N1478D wrote:Hi Mike,

My tailwheel shimmy went away when I replaced my tailwheel tire & tube. I replaced the tailwheel because all three tires needed to be replaced, the shimmy going away was not expected. The theory was that the tire/tube was out of balance. The shimmy occurred on something like 1 out of 20 landings, and easing the yoke forward always made it go away. One more thing to consider, it might be your tire/tube.

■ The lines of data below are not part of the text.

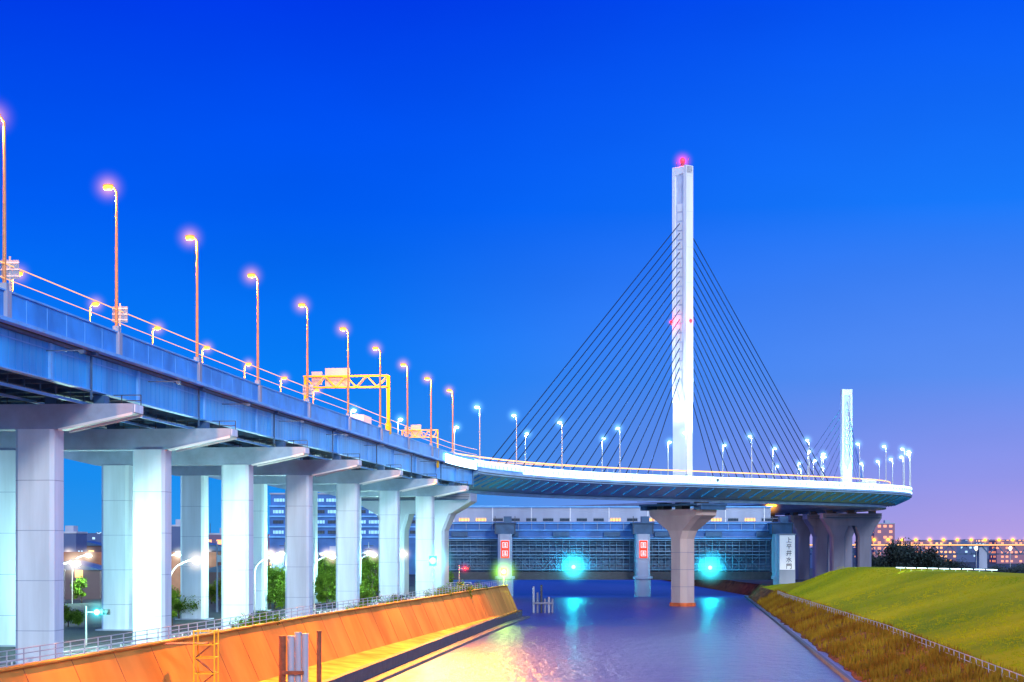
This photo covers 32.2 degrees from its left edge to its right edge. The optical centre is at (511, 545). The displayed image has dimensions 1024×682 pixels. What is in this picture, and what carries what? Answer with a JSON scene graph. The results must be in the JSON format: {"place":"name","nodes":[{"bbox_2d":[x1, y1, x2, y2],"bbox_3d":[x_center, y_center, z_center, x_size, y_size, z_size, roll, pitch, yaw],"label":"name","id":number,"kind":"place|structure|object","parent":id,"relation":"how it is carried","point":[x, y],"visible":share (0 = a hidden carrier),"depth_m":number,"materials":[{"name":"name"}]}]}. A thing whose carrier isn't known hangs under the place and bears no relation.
{"place":"outdoors","nodes":[
{"label":"outdoors","id":0,"kind":"place"},
{"bbox_2d":[64,526,87,551],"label":"house","id":1,"kind":"structure","parent":0,"point":[75,540],"depth_m":474.50,"materials":[{"name":"blue"}]},
{"bbox_2d":[64,560,101,598],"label":"house","id":2,"kind":"structure","parent":0,"point":[91,572],"depth_m":324.00,"materials":[{"name":"grey"}]},
{"bbox_2d":[87,541,101,551],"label":"house","id":3,"kind":"structure","parent":0,"point":[93,546],"depth_m":494.00,"materials":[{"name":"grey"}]},
{"bbox_2d":[87,533,101,542],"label":"city building","id":4,"kind":"structure","parent":0,"point":[96,537],"depth_m":1135.66,"materials":[{"name":"blue"}]},
{"bbox_2d":[171,519,180,548],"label":"building","id":5,"kind":"structure","parent":0,"point":[175,536],"depth_m":514.00,"materials":[{"name":"blue"}]},
{"bbox_2d":[171,542,220,551],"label":"house","id":6,"kind":"structure","parent":0,"point":[211,548],"depth_m":423.60,"materials":[{"name":"blue"}]},
{"bbox_2d":[0,596,413,666],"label":"road","id":7,"kind":"structure","parent":0,"point":[78,652],"depth_m":176.13,"materials":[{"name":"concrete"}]},
{"bbox_2d":[171,557,200,575],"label":"street lamp","id":8,"kind":"object","parent":7,"relation":"on","point":[196,560],"visible":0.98,"depth_m":189.88,"materials":[{"name":"white metal"}]},
{"bbox_2d":[209,565,220,598],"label":"house","id":9,"kind":"structure","parent":0,"point":[212,574],"depth_m":324.00,"materials":[{"name":"grey"}]},
{"bbox_2d":[209,528,220,544],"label":"house","id":10,"kind":"structure","parent":0,"point":[214,537],"depth_m":534.00,"materials":[{"name":"purple"}]},
{"bbox_2d":[0,574,449,658],"bbox_3d":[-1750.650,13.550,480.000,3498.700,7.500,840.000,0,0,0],"label":"ground","id":11,"kind":"structure","parent":0,"point":[72,632],"depth_m":226.79,"materials":[{"name":"grey concrete"}]},
{"bbox_2d":[0,395,142,663],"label":"viaduct pier","id":12,"kind":"structure","parent":11,"relation":"on","point":[39,429],"depth_m":141.38,"materials":[{"name":"concrete"}]},
{"bbox_2d":[0,261,478,487],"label":"elevated highway","id":13,"kind":"structure","parent":12,"relation":"on","point":[110,363],"depth_m":161.38,"materials":[{"name":"blue metal"}]},
{"bbox_2d":[0,114,8,290],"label":"highway lamp","id":14,"kind":"object","parent":13,"relation":"on","point":[4,284],"visible":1,"depth_m":119.86,"materials":[{"name":"brown metal"}]},
{"bbox_2d":[0,256,18,290],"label":"road sign","id":15,"kind":"object","parent":13,"relation":"on","point":[12,272],"visible":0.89,"depth_m":121.42,"materials":[{"name":"white metal"}]},
{"bbox_2d":[46,350,85,353],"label":"wall floodlight","id":16,"kind":"object","parent":13,"relation":"attached to","point":[82,351],"depth_m":128.04,"materials":[{"name":"blue metal"}]},
{"bbox_2d":[89,302,98,320],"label":"highway lamp","id":17,"kind":"object","parent":13,"relation":"on","point":[95,303],"visible":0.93,"depth_m":212.83,"materials":[{"name":"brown metal"}]},
{"bbox_2d":[103,184,120,332],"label":"highway lamp","id":18,"kind":"object","parent":13,"relation":"on","point":[116,327],"visible":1,"depth_m":143.34,"materials":[{"name":"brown metal"}]},
{"bbox_2d":[112,303,127,325],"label":"road sign","id":19,"kind":"object","parent":13,"relation":"on","point":[123,316],"visible":0.9,"depth_m":144.91,"materials":[{"name":"white metal"}]},
{"bbox_2d":[185,235,199,361],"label":"highway lamp","id":20,"kind":"object","parent":13,"relation":"on","point":[192,237],"visible":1,"depth_m":166.82,"materials":[{"name":"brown metal"}]},
{"bbox_2d":[247,273,260,384],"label":"highway lamp","id":21,"kind":"object","parent":13,"relation":"on","point":[253,275],"visible":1,"depth_m":190.30,"materials":[{"name":"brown metal"}]},
{"bbox_2d":[298,303,309,402],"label":"highway lamp","id":22,"kind":"object","parent":13,"relation":"on","point":[307,398],"visible":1,"depth_m":213.76,"materials":[{"name":"brown metal"}]},
{"bbox_2d":[303,384,312,394],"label":"road sign","id":23,"kind":"object","parent":13,"relation":"on","point":[310,389],"visible":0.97,"depth_m":215.03,"materials":[{"name":"white metal"}]},
{"bbox_2d":[340,327,349,416],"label":"highway lamp","id":24,"kind":"object","parent":13,"relation":"on","point":[344,329],"visible":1,"depth_m":237.20,"materials":[{"name":"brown metal"}]},
{"bbox_2d":[303,368,391,434],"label":"sign gantry","id":25,"kind":"object","parent":13,"relation":"attached to","point":[335,378],"visible":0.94,"depth_m":269.00,"materials":[{"name":"yellow metal"}]},
{"bbox_2d":[350,414,370,423],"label":"box truck","id":26,"kind":"object","parent":13,"relation":"on","point":[362,418],"depth_m":258.34,"materials":[{"name":"white paint"}]},
{"bbox_2d":[372,347,381,428],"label":"highway lamp","id":27,"kind":"object","parent":13,"relation":"on","point":[377,348],"visible":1,"depth_m":260.66,"materials":[{"name":"brown metal"}]},
{"bbox_2d":[401,363,408,437],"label":"highway lamp","id":28,"kind":"object","parent":13,"relation":"on","point":[404,364],"visible":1,"depth_m":284.10,"materials":[{"name":"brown metal"}]},
{"bbox_2d":[402,425,438,467],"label":"sign gantry","id":29,"kind":"object","parent":13,"relation":"attached to","point":[416,433],"visible":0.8,"depth_m":315.42,"materials":[{"name":"yellow paint"}]},
{"bbox_2d":[425,377,432,445],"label":"highway lamp","id":30,"kind":"object","parent":13,"relation":"on","point":[430,443],"visible":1,"depth_m":307.58,"materials":[{"name":"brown metal"}]},
{"bbox_2d":[447,389,453,452],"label":"highway lamp","id":31,"kind":"object","parent":13,"relation":"on","point":[449,390],"visible":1,"depth_m":330.97,"materials":[{"name":"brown metal"}]},
{"bbox_2d":[64,559,79,565],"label":"street lamp","id":32,"kind":"object","parent":11,"relation":"on","point":[74,562],"visible":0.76,"depth_m":164.79,"materials":[{"name":"white metal"}]},
{"bbox_2d":[64,603,84,626],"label":"tree","id":33,"kind":"object","parent":11,"relation":"on","point":[78,617],"visible":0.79,"depth_m":214.73,"materials":[{"name":"green plant"}]},
{"bbox_2d":[70,574,86,602],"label":"tree","id":34,"kind":"object","parent":11,"relation":"on","point":[80,582],"visible":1,"depth_m":302.75,"materials":[{"name":"green plant"}]},
{"bbox_2d":[72,553,91,603],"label":"street lamp","id":35,"kind":"object","parent":11,"relation":"on","point":[88,554],"visible":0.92,"depth_m":299.94,"materials":[{"name":"white metal"}]},
{"bbox_2d":[85,606,109,644],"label":"traffic light","id":36,"kind":"object","parent":11,"relation":"on","point":[101,611],"visible":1,"depth_m":174.88,"materials":[{"name":"metal"}]},
{"bbox_2d":[0,421,237,646],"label":"viaduct pier","id":37,"kind":"structure","parent":11,"relation":"on","point":[151,449],"depth_m":171.41,"materials":[{"name":"concrete"}]},
{"bbox_2d":[64,552,220,596],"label":"warehouse","id":38,"kind":"structure","parent":11,"relation":"on","point":[95,557],"depth_m":340.00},
{"bbox_2d":[171,585,181,625],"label":"tree","id":39,"kind":"object","parent":11,"relation":"on","point":[174,596],"visible":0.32,"depth_m":214.57,"materials":[{"name":"green plant"}]},
{"bbox_2d":[171,595,200,618],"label":"tree","id":40,"kind":"object","parent":11,"relation":"on","point":[179,607],"visible":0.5,"depth_m":234.42,"materials":[{"name":"green plant"}]},
{"bbox_2d":[64,440,308,630],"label":"viaduct pier","id":41,"kind":"structure","parent":11,"relation":"on","point":[236,464],"depth_m":204.18,"materials":[{"name":"paint"}]},
{"bbox_2d":[209,579,220,603],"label":"tree","id":42,"kind":"object","parent":11,"relation":"on","point":[212,590],"visible":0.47,"depth_m":298.26,"materials":[{"name":"green plant"}]},
{"bbox_2d":[210,541,220,611],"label":"utility pole","id":43,"kind":"object","parent":11,"relation":"on","point":[218,558],"visible":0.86,"depth_m":261.90,"materials":[{"name":"concrete"}]},
{"bbox_2d":[0,594,431,667],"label":"railing","id":44,"kind":"object","parent":11,"relation":"on","point":[145,638],"visible":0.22,"depth_m":164.38,"materials":[{"name":"metal"}]},
{"bbox_2d":[229,615,266,627],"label":"shrub","id":45,"kind":"object","parent":11,"relation":"on","point":[250,623],"visible":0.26,"depth_m":186.01,"materials":[{"name":"green plant"}]},
{"bbox_2d":[235,609,279,625],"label":"shrub","id":46,"kind":"object","parent":11,"relation":"on","point":[264,617],"visible":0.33,"depth_m":189.97,"materials":[{"name":"green plant"}]},
{"bbox_2d":[0,585,517,681],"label":"levee wall","id":47,"kind":"structure","parent":11,"relation":"on","point":[249,653],"depth_m":180.87,"materials":[{"name":"concrete"}]},
{"bbox_2d":[0,579,505,666],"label":"railing","id":48,"kind":"object","parent":47,"relation":"on","point":[188,632],"visible":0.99,"depth_m":162.27,"materials":[{"name":"grey metal"}]},
{"bbox_2d":[429,556,436,595],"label":"signal light","id":49,"kind":"object","parent":47,"relation":"on","point":[432,561],"visible":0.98,"depth_m":286.30,"materials":[{"name":"metal"}]},
{"bbox_2d":[171,454,361,619],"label":"viaduct pier","id":50,"kind":"structure","parent":11,"relation":"on","point":[297,474],"depth_m":234.23,"materials":[{"name":"paint"}]},
{"bbox_2d":[254,555,278,615],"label":"street lamp","id":51,"kind":"object","parent":11,"relation":"on","point":[274,557],"visible":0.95,"depth_m":235.92,"materials":[{"name":"white metal"}]},
{"bbox_2d":[267,579,284,608],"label":"tree","id":52,"kind":"object","parent":11,"relation":"on","point":[274,593],"visible":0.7,"depth_m":270.02,"materials":[{"name":"green plant"}]},
{"bbox_2d":[267,561,284,608],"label":"tree","id":53,"kind":"object","parent":11,"relation":"on","point":[273,575],"visible":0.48,"depth_m":273.89,"materials":[{"name":"green plant"}]},
{"bbox_2d":[209,465,402,610],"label":"viaduct pier","id":54,"kind":"structure","parent":11,"relation":"on","point":[347,482],"depth_m":265.36,"materials":[{"name":"paint"}]},
{"bbox_2d":[313,554,335,609],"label":"street lamp","id":55,"kind":"object","parent":11,"relation":"on","point":[331,555],"visible":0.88,"depth_m":269.96,"materials":[{"name":"white metal"}]},
{"bbox_2d":[315,569,335,604],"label":"tree","id":56,"kind":"object","parent":11,"relation":"on","point":[328,577],"visible":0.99,"depth_m":294.46,"materials":[{"name":"green plant"}]},
{"bbox_2d":[315,579,335,603],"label":"tree","id":57,"kind":"object","parent":11,"relation":"on","point":[323,600],"visible":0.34,"depth_m":295.67,"materials":[{"name":"green plant"}]},
{"bbox_2d":[318,554,335,583],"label":"tree","id":58,"kind":"object","parent":11,"relation":"on","point":[324,565],"visible":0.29,"depth_m":324.59,"materials":[{"name":"green plant"}]},
{"bbox_2d":[267,474,437,603],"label":"viaduct pier","id":59,"kind":"structure","parent":11,"relation":"on","point":[389,490],"depth_m":299.35,"materials":[{"name":"paint"}]},
{"bbox_2d":[326,580,381,607],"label":"tree","id":60,"kind":"object","parent":11,"relation":"on","point":[365,593],"visible":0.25,"depth_m":276.93,"materials":[{"name":"green plant"}]},
{"bbox_2d":[361,552,378,593],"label":"tree","id":61,"kind":"object","parent":11,"relation":"on","point":[368,576],"visible":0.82,"depth_m":349.88,"materials":[{"name":"green plant"}]},
{"bbox_2d":[269,493,508,581],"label":"factory building","id":62,"kind":"structure","parent":11,"relation":"on","point":[327,523],"depth_m":610.00,"materials":[{"name":"blue glass"}]},
{"bbox_2d":[377,593,406,603],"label":"shrub","id":63,"kind":"object","parent":11,"relation":"on","point":[395,597],"visible":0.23,"depth_m":261.98,"materials":[{"name":"green plant"}]},
{"bbox_2d":[318,481,468,597],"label":"viaduct pier","id":64,"kind":"structure","parent":11,"relation":"on","point":[424,496],"depth_m":333.73,"materials":[{"name":"paint"}]},
{"bbox_2d":[361,493,476,594],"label":"bridge pier","id":65,"kind":"structure","parent":11,"relation":"on","point":[447,508],"depth_m":353.80,"materials":[{"name":"white concrete"}]},
{"bbox_2d":[424,585,450,596],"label":"shrub","id":66,"kind":"object","parent":11,"relation":"on","point":[438,591],"visible":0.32,"depth_m":299.96,"materials":[{"name":"green plant"}]},
{"bbox_2d":[443,580,474,597],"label":"shrub","id":67,"kind":"object","parent":11,"relation":"on","point":[457,588],"visible":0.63,"depth_m":319.56,"materials":[{"name":"green plant"}]},
{"bbox_2d":[469,581,488,589],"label":"shrub","id":68,"kind":"object","parent":11,"relation":"on","point":[480,585],"visible":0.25,"depth_m":339.91,"materials":[{"name":"green plant"}]},
{"bbox_2d":[501,568,506,584],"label":"signal light","id":69,"kind":"object","parent":11,"relation":"on","point":[503,572],"visible":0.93,"depth_m":366.30,"materials":[{"name":"metal"}]},
{"bbox_2d":[272,555,326,571],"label":"house","id":70,"kind":"structure","parent":0,"point":[281,559],"depth_m":424.00,"materials":[{"name":"white"}]},
{"bbox_2d":[318,541,335,561],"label":"house","id":71,"kind":"structure","parent":0,"point":[332,549],"depth_m":474.00,"materials":[{"name":"grey"}]},
{"bbox_2d":[361,552,378,575],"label":"house","id":72,"kind":"structure","parent":0,"point":[363,555],"depth_m":493.60,"materials":[{"name":"grey"}]},
{"bbox_2d":[260,609,529,681],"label":"pavement","id":73,"kind":"structure","parent":0,"point":[383,663],"depth_m":228.73,"materials":[{"name":"concrete"}]},
{"bbox_2d":[164,629,218,681],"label":"stair scaffold","id":74,"kind":"object","parent":73,"relation":"on","point":[198,643],"visible":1,"depth_m":147.20,"materials":[{"name":"metal"}]},
{"bbox_2d":[0,0,1023,547],"label":"sky","id":75,"kind":"structure","parent":0,"point":[465,189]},
{"bbox_2d":[384,580,860,681],"bbox_3d":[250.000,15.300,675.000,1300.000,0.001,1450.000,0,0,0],"label":"water","id":76,"kind":"structure","parent":0,"point":[601,631],"depth_m":275.14,"materials":[{"name":"blue liquid"}]},
{"bbox_2d":[278,631,321,681],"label":"mooring dolphin","id":77,"kind":"object","parent":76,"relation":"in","point":[293,672],"visible":1,"depth_m":149.77,"materials":[{"name":"metal"}]},
{"bbox_2d":[532,585,552,612],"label":"mooring dolphin","id":78,"kind":"object","parent":76,"relation":"in","point":[537,602],"visible":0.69,"depth_m":405.79,"materials":[{"name":"grey concrete"}]},
{"bbox_2d":[449,506,793,596],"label":"floodgate","id":79,"kind":"object","parent":76,"relation":"in","point":[602,542],"visible":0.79,"depth_m":542.15,"materials":[{"name":"blue metal"}]},
{"bbox_2d":[500,540,509,558],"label":"signal board","id":80,"kind":"object","parent":79,"relation":"attached to","point":[504,549],"visible":1,"depth_m":533.55,"materials":[{"name":"red paint"}]},
{"bbox_2d":[639,540,647,558],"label":"signal board","id":81,"kind":"object","parent":79,"relation":"attached to","point":[643,549],"visible":1,"depth_m":533.55,"materials":[{"name":"red paint"}]},
{"bbox_2d":[639,498,726,606],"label":"river pier","id":82,"kind":"structure","parent":76,"relation":"in","point":[682,523],"depth_m":447.86,"materials":[{"name":"beige concrete"}]},
{"bbox_2d":[435,158,911,514],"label":"cable stayed bridge","id":83,"kind":"structure","parent":82,"relation":"on","point":[800,496],"depth_m":448.55,"materials":[{"name":"paint"}]},
{"bbox_2d":[474,406,480,459],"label":"bridge lamp","id":84,"kind":"object","parent":83,"relation":"on","point":[477,407],"visible":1,"depth_m":354.11,"materials":[{"name":"white metal"}]},
{"bbox_2d":[511,414,517,465],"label":"bridge lamp","id":85,"kind":"object","parent":83,"relation":"on","point":[513,415],"visible":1,"depth_m":376.52,"materials":[{"name":"white metal"}]},
{"bbox_2d":[557,421,563,469],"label":"bridge lamp","id":86,"kind":"object","parent":83,"relation":"on","point":[560,422],"visible":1,"depth_m":397.81,"materials":[{"name":"white metal"}]},
{"bbox_2d":[744,595,855,681],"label":"kerb","id":87,"kind":"structure","parent":76,"relation":"on","point":[834,668],"depth_m":259.06,"materials":[{"name":"concrete"}]},
{"bbox_2d":[810,544,1023,567],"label":"truss bridge","id":88,"kind":"structure","parent":76,"relation":"on","point":[982,552],"depth_m":895.91,"materials":[{"name":"orange metal"}]},
{"bbox_2d":[512,548,1023,575],"bbox_3d":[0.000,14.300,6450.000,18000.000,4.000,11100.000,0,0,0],"label":"ground","id":89,"kind":"structure","parent":0,"point":[972,564],"depth_m":1167.51,"materials":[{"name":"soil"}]},
{"bbox_2d":[911,540,975,561],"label":"city building","id":90,"kind":"structure","parent":89,"relation":"on","point":[969,558],"depth_m":1339.28,"materials":[{"name":"blue"}]},
{"bbox_2d":[785,512,829,579],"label":"bridge pier","id":91,"kind":"structure","parent":0,"point":[801,530],"depth_m":602.23,"materials":[{"name":"concrete"}]},
{"bbox_2d":[803,511,855,577],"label":"bridge pier","id":92,"kind":"structure","parent":0,"point":[816,527],"depth_m":586.17,"materials":[{"name":"concrete"}]},
{"bbox_2d":[665,568,1011,595],"bbox_3d":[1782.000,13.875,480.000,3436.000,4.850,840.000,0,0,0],"label":"ground","id":93,"kind":"structure","parent":0,"point":[746,587],"depth_m":591.34,"materials":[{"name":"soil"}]},
{"bbox_2d":[871,537,925,566],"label":"tree","id":94,"kind":"object","parent":93,"relation":"on","point":[892,550],"visible":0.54,"depth_m":597.49,"materials":[{"name":"green plant"}]},
{"bbox_2d":[894,545,954,568],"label":"tree","id":95,"kind":"object","parent":93,"relation":"on","point":[920,559],"visible":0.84,"depth_m":587.34,"materials":[{"name":"green plant"}]},
{"bbox_2d":[943,556,970,569],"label":"tree","id":96,"kind":"object","parent":93,"relation":"on","point":[956,564],"visible":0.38,"depth_m":638.81,"materials":[{"name":"green plant"}]},
{"bbox_2d":[993,564,1023,572],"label":"tree","id":97,"kind":"object","parent":93,"relation":"on","point":[1013,570],"visible":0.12,"depth_m":427.58,"materials":[{"name":"green plant"}]},
{"bbox_2d":[819,510,881,570],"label":"bridge pier","id":98,"kind":"structure","parent":0,"point":[837,525],"depth_m":566.34,"materials":[{"name":"concrete"}]},
{"bbox_2d":[748,587,1010,681],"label":"terrain","id":99,"kind":"structure","parent":0,"point":[759,593],"depth_m":247.72,"materials":[{"name":"red plant"}]},
{"bbox_2d":[757,589,1023,681],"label":"weeds","id":100,"kind":"object","parent":99,"relation":"on","point":[902,662],"visible":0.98,"depth_m":224.93,"materials":[{"name":"brown plant"}]},
{"bbox_2d":[778,591,1023,680],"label":"railing","id":101,"kind":"object","parent":99,"relation":"on","point":[910,637],"visible":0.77,"depth_m":217.32,"materials":[{"name":"grey metal"}]},
{"bbox_2d":[871,520,894,556],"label":"apartment block","id":102,"kind":"structure","parent":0,"point":[884,531],"depth_m":995.00,"materials":[{"name":"pink"}]},
{"bbox_2d":[764,567,1023,676],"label":"hill","id":103,"kind":"structure","parent":0,"point":[976,651],"depth_m":296.13,"materials":[{"name":"green plant"}]},
{"bbox_2d":[776,534,795,583],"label":"sign","id":104,"kind":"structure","parent":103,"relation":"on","point":[785,558],"depth_m":527.45,"materials":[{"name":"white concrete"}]},
{"bbox_2d":[896,567,996,571],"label":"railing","id":105,"kind":"object","parent":103,"relation":"on","point":[947,568],"visible":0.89,"depth_m":367.40,"materials":[{"name":"white metal"}]},
{"bbox_2d":[895,541,933,551],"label":"city building","id":106,"kind":"structure","parent":0,"point":[922,542],"depth_m":1208.36,"materials":[{"name":"pink"}]},
{"bbox_2d":[934,541,956,561],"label":"city building","id":107,"kind":"structure","parent":0,"point":[941,549],"depth_m":1282.43,"materials":[{"name":"purple"}]},
{"bbox_2d":[989,541,1023,562],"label":"city building","id":108,"kind":"structure","parent":0,"point":[1005,558],"depth_m":1234.56,"materials":[{"name":"purple"}]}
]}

I received an email that a person's tailwheel shimmy was solved by replacing their tailwheel tire & tube shortly after this post. Interestingly, this past Saturday for the first time since new tailwheel/tube last December at annual, I had a tailwheel shimmy again. That has been over 150 hours. The wind was a gusty 15+ knot crosswind and I was doing touch and go's to practice the gusty conditions at different airports in the area. Wondering if during crosswind conditions the tailwheel is turned by the wind and that contributes to the shimmy, as before, easing the yoke forward stops the shimmy. It has not done it since the crosswind Saturday. Thinking maybe if the wheel is turned a little and not lined up on touchdown that it starts a shimmy and when you ease it up and sit it back down it is lined up straight and does not shimmy???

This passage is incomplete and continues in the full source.